Clostridium difficile infections are associated with development of the systemic inflammatory response, including the production of hepatic acute phase proteins. Lipopolysaccharide (LPS) directly stimulates the production of at least one of these proteins, a 23-kDa acute phase protein (the LPS-induced protein, or LIP) by murine hepatocytes in vitro. The aim of the present study was to determine if C. difficile toxins also stimulated the synthesis of this protein in vitro.


Cultured murine hepatocytes were treated for 24 h with various concentrations of C. difficile culture extract or purified toxins A and B in the presence or absence of dexamethasone or interleukin-1 (IL-1) receptor antagonist (IL-1 RA). The cells were then metabolically radiolabeled with [35S]methionine. Secretory proteins were identified using electrophoresis and autoradiography, and their synthesis was quantitated by image analysis of the autoradiograms.
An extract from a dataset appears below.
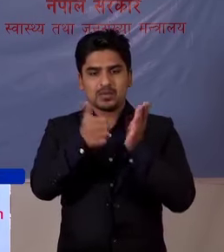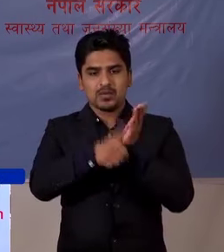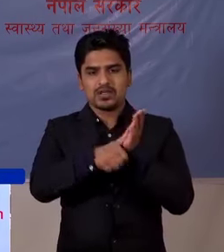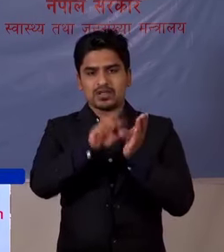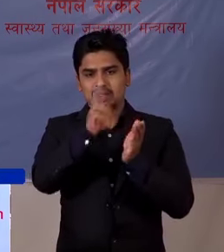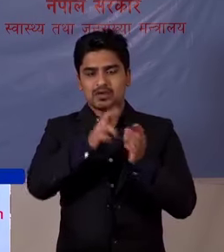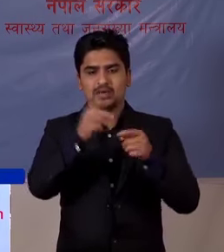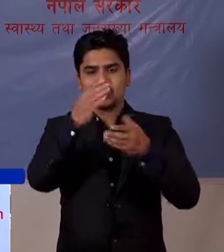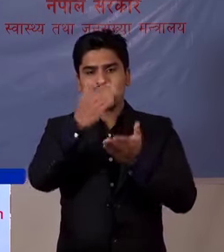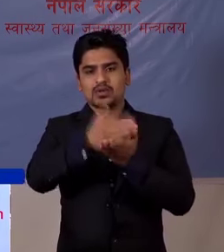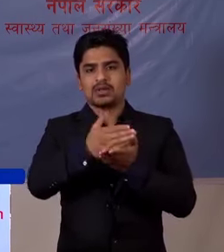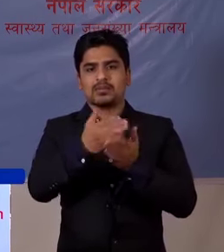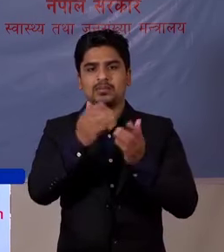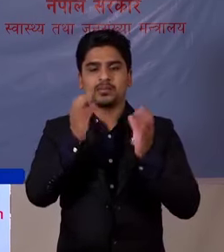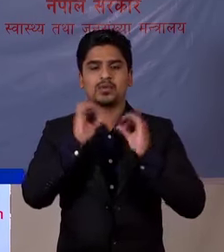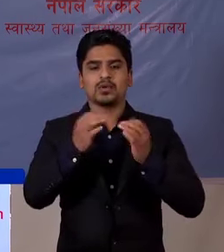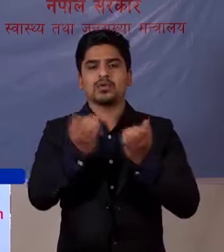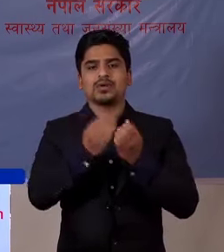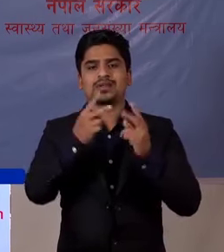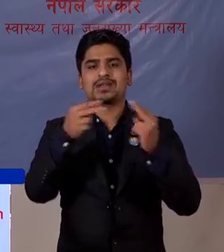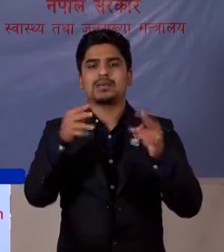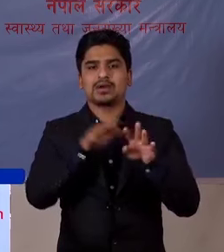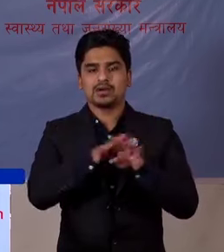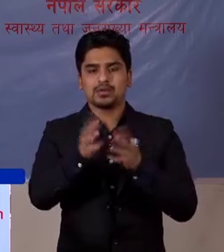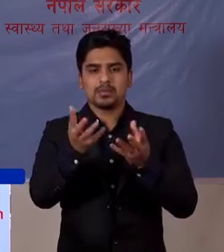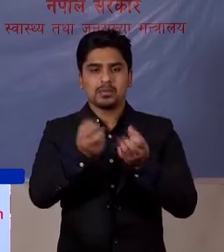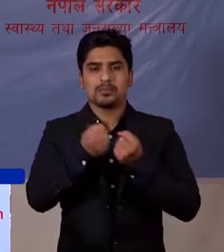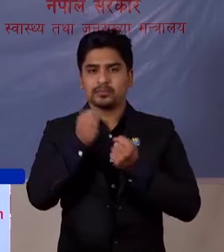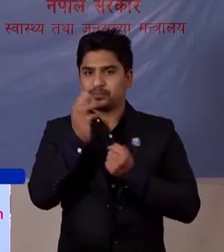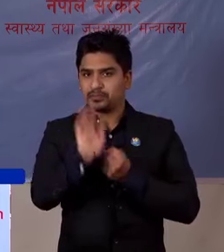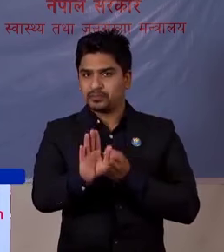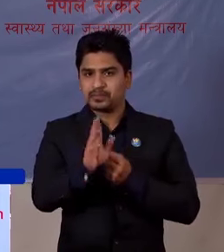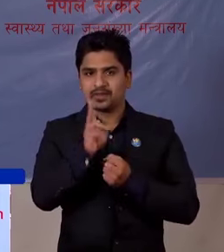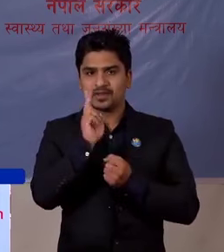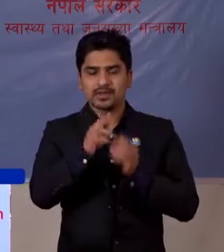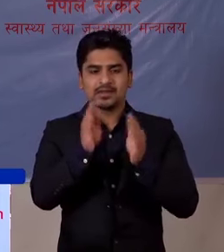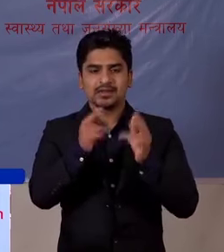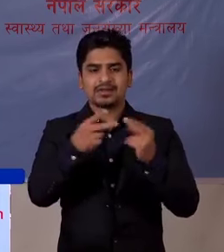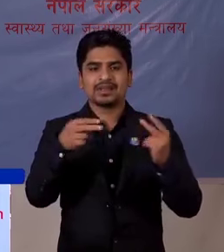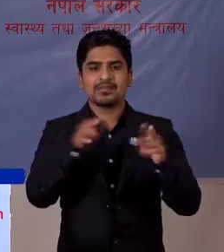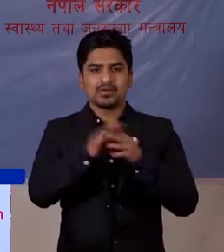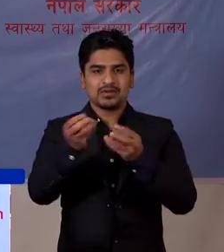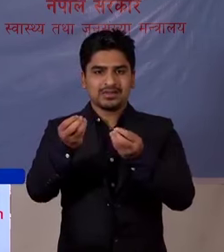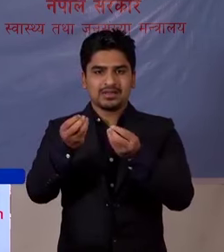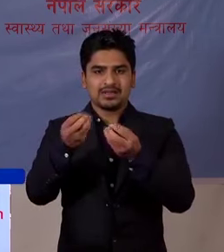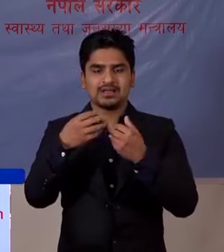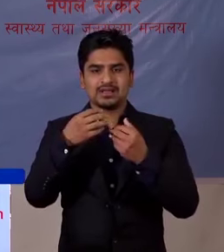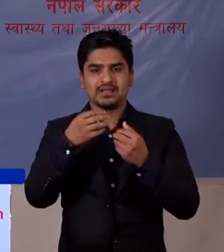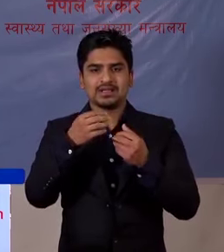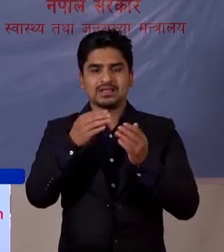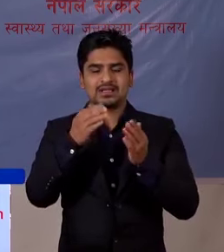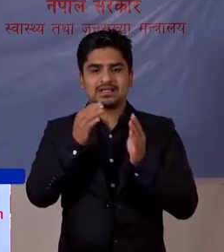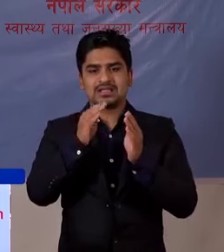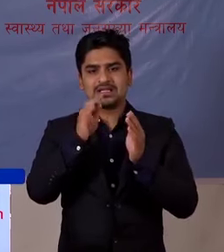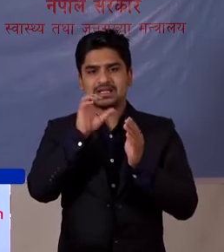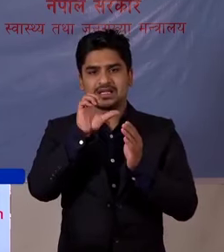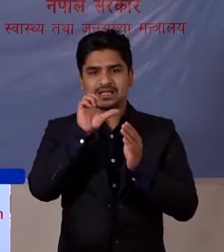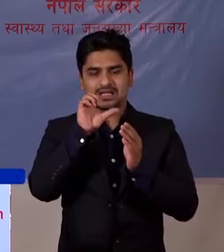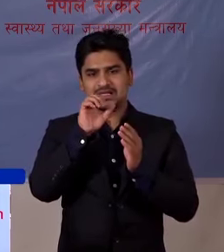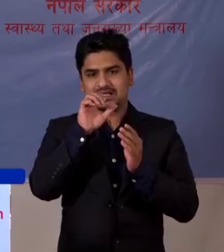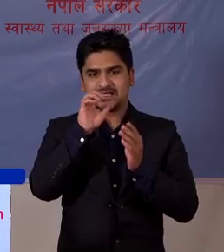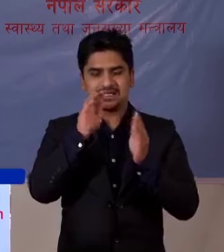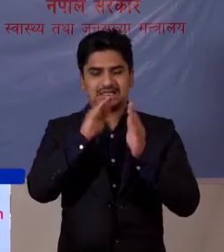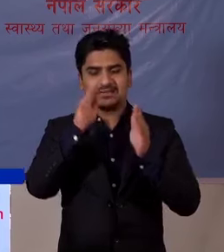करी छेन तथा रोक्थाम का लागी पर्योंगुने सामगरी हरू प्राप्त भयकाचन एसरी सामगरी हरू दिने सेव्धचिलेन जसले

The C. difficile culture extract, at dilutions as low as 1:200,000, significantly stimulated LIP synthesis in vitro. Toxins A and B, at concentrations as low as 1.6 and 0.02 pg/ml, respectively, also induced production of this protein. Dexamethasone further augmented C. difficile toxin-stimulated synthesis of LIP, but IL-1 RA inhibited the effects of these toxins on the synthesis of this protein. Only minimal quantities of IL-1 were found in culture supernatants following treatment with the toxins.


C. difficile toxins A and B, at very low concentrations, stimulate hepatocyte acute phase protein synthesis. Even though IL-1 RA inhibits this process, it does not appear that local production of IL-1 mediates the action of these toxins.